Research on relational demography, social categorization theory and leader-member exchange theory demonstrate that subordinates are evaluated more favorably by supervisors who perceive them as similar. Individuals’ perceptions of similarity can be influenced by seemingly benign variables such as schools attended, hometown, and religious affiliation, and by surface-level characteristics like gender, ethnicity, and race.

Research has also consistently demonstrated, for example, that white employees receive more favorable evaluations from white raters and conversely that black employees receive less favorable evaluations from white raters. As such, evaluations received by women and minorities from white male supervisors could reflect biases (implicit, or otherwise) owing to perceptions of dissimilarity, in-group or out-group status, and social categorization, which could be less favorable than the evaluations received by white male subordinates.
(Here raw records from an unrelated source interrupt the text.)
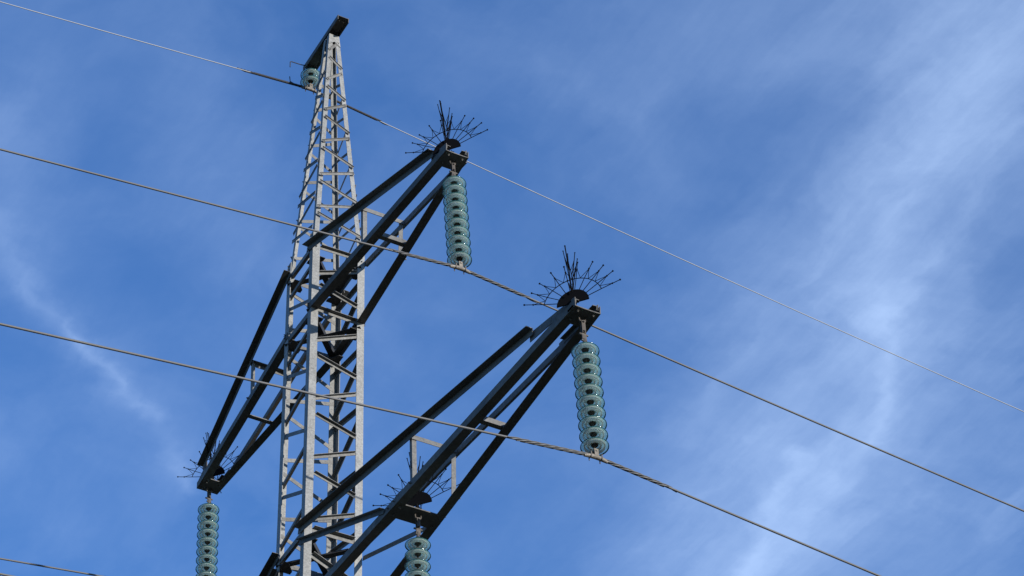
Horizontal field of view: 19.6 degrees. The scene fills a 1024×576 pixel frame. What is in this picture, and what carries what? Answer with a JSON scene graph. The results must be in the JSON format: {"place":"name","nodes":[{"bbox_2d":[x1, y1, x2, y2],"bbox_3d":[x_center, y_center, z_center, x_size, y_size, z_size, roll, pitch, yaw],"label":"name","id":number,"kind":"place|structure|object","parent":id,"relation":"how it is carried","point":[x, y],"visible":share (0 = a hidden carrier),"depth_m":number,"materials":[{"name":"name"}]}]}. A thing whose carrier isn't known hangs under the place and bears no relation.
{"place":"outdoors","nodes":[
{"label":"outdoors","id":0,"kind":"place"},
{"bbox_2d":[0,0,1023,575],"label":"sky","id":1,"kind":"structure","parent":0,"point":[856,167],"materials":[{"name":"blue"}]},
{"bbox_3d":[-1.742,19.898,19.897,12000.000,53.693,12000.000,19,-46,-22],"label":"ground","id":2,"kind":"structure","parent":0,"visible":0},
{"bbox_2d":[197,15,600,575],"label":"lattice tower","id":3,"kind":"structure","parent":2,"relation":"on","point":[337,279],"depth_m":36.04,"materials":[{"name":"metal"}]},
{"bbox_2d":[195,487,218,575],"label":"insulator string","id":4,"kind":"object","parent":3,"relation":"hanging from","point":[207,541],"visible":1,"depth_m":38.87,"materials":[{"name":"green glass"}]},
{"bbox_2d":[0,558,102,575],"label":"conductor cable","id":5,"kind":"object","parent":4,"relation":"hanging from","point":[49,567],"visible":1,"depth_m":37.29,"materials":[{"name":"grey metal"}]},
{"bbox_2d":[177,432,238,492],"bbox_3d":[-3.990,2.327,39.681,0.691,0.717,0.942,19,-46,-22],"label":"bird spike guard","id":6,"kind":"object","parent":3,"relation":"on","point":[220,470],"visible":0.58,"depth_m":39.59,"materials":[{"name":"black metal"}]},
{"bbox_2d":[289,61,318,93],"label":"insulator string","id":7,"kind":"object","parent":3,"relation":"hanging from","point":[310,78],"visible":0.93,"depth_m":41.05,"materials":[{"name":"green glass"}]},
{"bbox_2d":[0,1,1023,411],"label":"earth wire","id":8,"kind":"object","parent":7,"relation":"hanging from","point":[488,171],"visible":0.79,"depth_m":41.42,"materials":[{"name":"silver metal"}]},
{"bbox_2d":[372,452,458,508],"bbox_3d":[-1.050,2.203,32.752,0.691,0.717,0.942,19,-46,-22],"label":"bird spike guard","id":9,"kind":"object","parent":3,"relation":"on","point":[419,498],"visible":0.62,"depth_m":32.65,"materials":[{"name":"black metal"}]},
{"bbox_2d":[404,513,430,575],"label":"insulator string","id":10,"kind":"object","parent":3,"relation":"hanging from","point":[417,555],"visible":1,"depth_m":32.10,"materials":[{"name":"green glass"}]},
{"bbox_2d":[405,100,487,154],"bbox_3d":[-0.776,-1.810,35.159,0.691,0.702,0.942,19,-46,-22],"label":"bird spike guard","id":11,"kind":"object","parent":3,"relation":"on","point":[453,143],"visible":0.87,"depth_m":35.08,"materials":[{"name":"black metal"}]},
{"bbox_2d":[442,159,471,273],"bbox_3d":[-0.643,-0.850,34.294,0.285,1.892,0.285,19,-50,-22],"label":"insulator string","id":12,"kind":"object","parent":3,"relation":"hanging from","point":[459,258],"visible":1,"depth_m":34.14,"materials":[{"name":"green glass"}]},
{"bbox_2d":[0,148,1023,511],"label":"conductor cable","id":13,"kind":"object","parent":12,"relation":"hanging from","point":[508,290],"visible":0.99,"depth_m":33.74,"materials":[{"name":"grey metal"}]},
{"bbox_2d":[523,245,620,311],"bbox_3d":[0.608,-0.036,30.284,0.691,0.692,0.942,19,-46,-22],"label":"bird spike guard","id":14,"kind":"object","parent":3,"relation":"attached to","point":[579,294],"visible":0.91,"depth_m":30.19,"materials":[{"name":"black metal"}]},
{"bbox_2d":[571,316,608,463],"bbox_3d":[0.761,0.977,29.437,0.285,1.958,0.285,19,-49,-22],"label":"insulator string","id":15,"kind":"object","parent":3,"relation":"hanging from","point":[591,410],"visible":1,"depth_m":29.28,"materials":[{"name":"green glass"}]},
{"bbox_2d":[0,323,880,575],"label":"conductor cable","id":16,"kind":"object","parent":15,"relation":"hanging from","point":[635,473],"visible":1,"depth_m":28.12,"materials":[{"name":"grey metal"}]}
]}

Correspondingly, promotion boards that rely exclusively on the language communicated in performance, or academic evaluations will likely generate outcomes more favorable to subordinates who share greater similarities with supervisors.

Consequently, eliminating photos and redacting demographic information on a promotion/selection board does not help reduce any bias contained in performance evaluations, academic evaluations, or other materials relied upon to make promotion, selection, or assignment decisions. It merely creates the illusion that selection decisions will be fairer, or more merit-based.
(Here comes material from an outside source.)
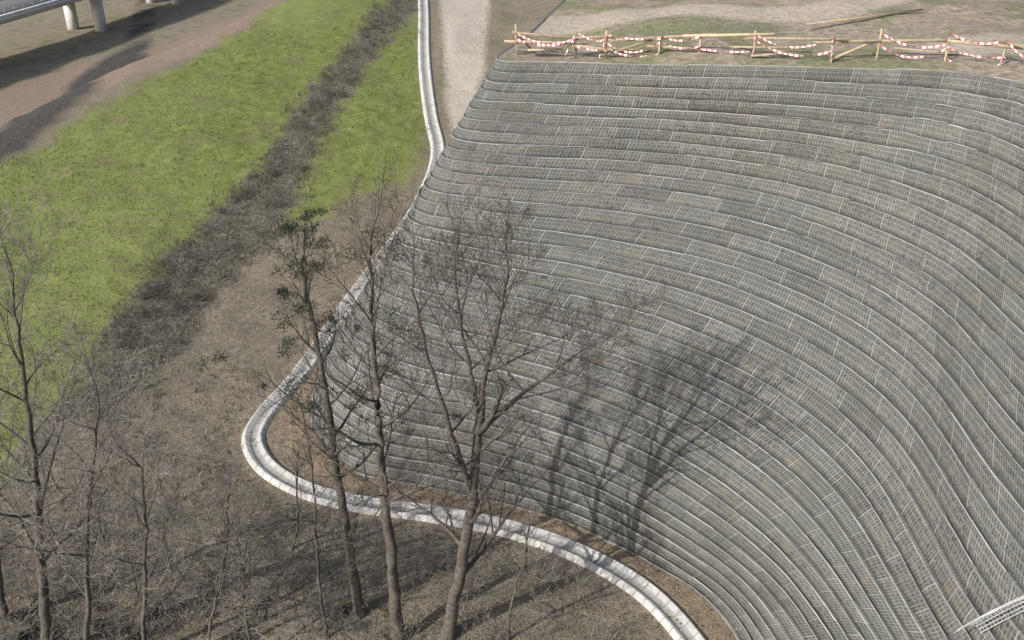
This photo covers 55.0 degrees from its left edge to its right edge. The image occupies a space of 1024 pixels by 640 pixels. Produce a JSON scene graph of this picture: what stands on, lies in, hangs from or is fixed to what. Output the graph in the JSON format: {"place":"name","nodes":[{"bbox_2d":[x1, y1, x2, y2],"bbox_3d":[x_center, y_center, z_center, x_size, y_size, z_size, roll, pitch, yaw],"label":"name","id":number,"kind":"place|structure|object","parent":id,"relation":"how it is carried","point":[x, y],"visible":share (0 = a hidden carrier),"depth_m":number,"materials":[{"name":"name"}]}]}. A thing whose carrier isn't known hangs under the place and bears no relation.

Merit, in the context of work, conveys the notion that people are appreciated or rewarded commensurate to their efforts and their outcomes — it is a vision that power and standing are conveyed through personal effort rather than origin, or other factors. While individual merit appears to be the most appropriate tool to foster fairness, it is inadequate for improving diversity and inclusion in the Army. Soldiers, owing to their backgrounds, race, and gender, enter the Army with different lived experiences. Despite the Army’s effort to ensure equal treatment, soldiers’ backgrounds and experiences influence their behaviors, how they are perceived, and the opportunities they are provided.

Unequally provided opportunities that benefit one individual over another, in turn, influences achievement and outcomes and, hence, is not meritocratic. The military, for at least 200 years perpetuated and bolstered institutional conduct unfavorable to women and minorities and, at times, may even have operated hostile to them. Women, for example, were only admitted to U.S. military academies in 1976 and saw their first graduates in 1980. Accordingly, most individuals who served in leadership positions, or positions of standing before 1980, and many even after 1980, would have benefited from a faux meritocracy (i.e., an institution that was structured to deliver positive outcomes to them if they worked hard and were white males); this, of course, is in contrast to the fewer opportunities that would have existed, or been afforded to women and minorities.
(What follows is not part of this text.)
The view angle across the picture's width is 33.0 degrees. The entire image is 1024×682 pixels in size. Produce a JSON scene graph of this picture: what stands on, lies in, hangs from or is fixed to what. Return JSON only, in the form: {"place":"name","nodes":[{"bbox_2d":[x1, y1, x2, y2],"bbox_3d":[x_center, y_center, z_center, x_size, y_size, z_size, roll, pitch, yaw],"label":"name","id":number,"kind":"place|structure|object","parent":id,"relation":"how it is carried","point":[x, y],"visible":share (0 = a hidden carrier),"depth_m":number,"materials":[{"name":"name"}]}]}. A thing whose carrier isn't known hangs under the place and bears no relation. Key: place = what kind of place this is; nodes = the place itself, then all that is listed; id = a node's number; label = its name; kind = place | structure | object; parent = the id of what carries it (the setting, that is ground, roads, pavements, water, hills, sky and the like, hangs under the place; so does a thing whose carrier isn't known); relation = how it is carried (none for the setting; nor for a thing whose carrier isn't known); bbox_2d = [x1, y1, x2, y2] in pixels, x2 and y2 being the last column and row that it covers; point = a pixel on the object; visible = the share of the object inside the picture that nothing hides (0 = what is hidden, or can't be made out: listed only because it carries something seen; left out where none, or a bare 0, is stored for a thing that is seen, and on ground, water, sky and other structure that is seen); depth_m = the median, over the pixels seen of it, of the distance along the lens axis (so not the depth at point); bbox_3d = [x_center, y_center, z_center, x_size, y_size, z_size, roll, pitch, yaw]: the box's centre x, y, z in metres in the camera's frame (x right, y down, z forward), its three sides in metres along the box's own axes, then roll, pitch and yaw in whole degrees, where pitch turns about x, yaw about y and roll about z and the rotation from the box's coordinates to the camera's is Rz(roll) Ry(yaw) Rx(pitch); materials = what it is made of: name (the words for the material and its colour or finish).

Given historical institutional bias, and the research on relational demography and social categorization theory, relying heavily on merit as a panacea to systemic issues surrounding diversity and inclusion is flawed. Merit, blind to systemic issues of exclusion, or the challenges faced by people of different backgrounds will not improve equity, diversity, and inclusion because it does not see the whole picture. Instead, what is required are tools for better appreciating diversity, eliminating bias and making affirmative efforts to promote the selection of diverse individuals on perhaps a representational scale.

When people contemplate affirmative efforts, they often perceive it to mean race-based quotas; they are not. The 1978 Supreme Court Decision in Regents of the University of California v. Bakke, for example, ruled that the university’s employment of racial quotas was illegal, but the court opined that employing affirmative action tools, which permitted the acceptance of more minority applicants, was constitutional. In 2016, the Supreme Court reaffirmed the previous precedent, in the case of Fisher v. University of Texas, by opining that a two-part admission process to create student body diversity was not unconstitutional.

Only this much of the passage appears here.